In 2001, Janet Yellen's husband, George Akerlof, was honored with the Nobel Memorial Prize in Economic Sciences.
On April 12, 2004, Janet Yellen was announced as the successor to Robert T. Parry for the role of President and Chief Executive Officer of the Federal Reserve Bank of San Francisco. This made her the first woman to ever hold this position.
Janet Yellen assumed the role of president and chief executive officer of the Federal Reserve Bank of San Francisco in 2004.
In 2004, Janet Yellen was appointed as the President and Chief Executive Officer of the Federal Reserve Bank of San Francisco, marking a significant step in her career.
In 2004, Janet Yellen assumed the role of President at the Federal Reserve Bank of San Francisco, a position she held until 2010.
In 2005, Lawrence Summers, while serving as Harvard University's president, made controversial statements regarding women's abilities in mathematics and science.
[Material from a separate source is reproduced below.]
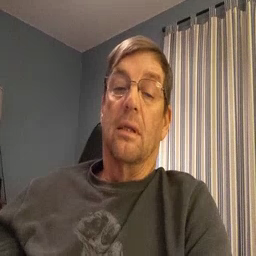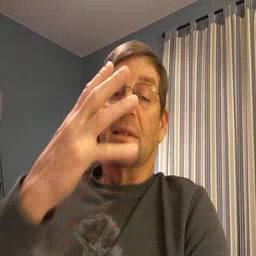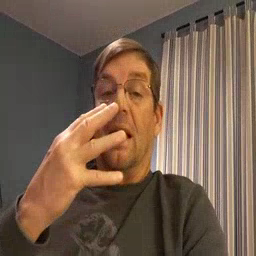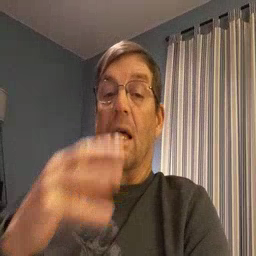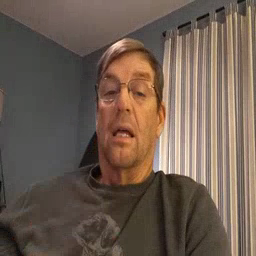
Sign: sad
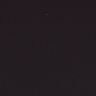
Metastatic tissue present: no
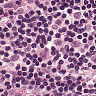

These remarks resurfaced during his bid to become the next Fed chair.
In 2006, Janet Yellen began her first term as a voting member of the Federal Open Market Committee, a significant responsibility that comes with the role of a Federal Reserve District president.
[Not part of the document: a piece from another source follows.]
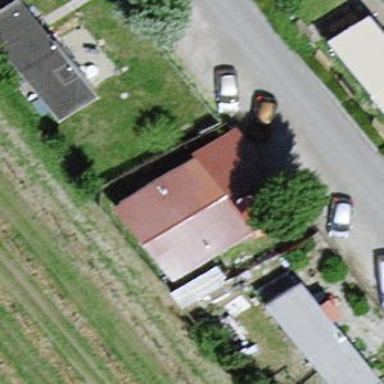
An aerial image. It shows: Simple house.
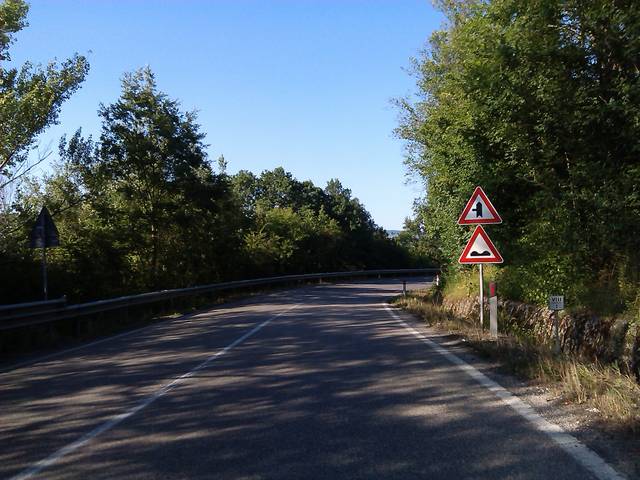
Region: Italy
Coordinates: 42.698, 12.226

Janet Yellen was awarded the title of Professor Emeritus at UC Berkeley in 2006.
The Federal Reserve's last interest rate hike before Janet Yellen's term took place in 2006.
During the 2007-2008 financial crisis, Janet Yellen cautioned against removing economic stimulus prematurely.
Janet Yellen has consistently held the belief that the government has a responsibility to address poverty and inequality, as evident during the 2008 financial crisis.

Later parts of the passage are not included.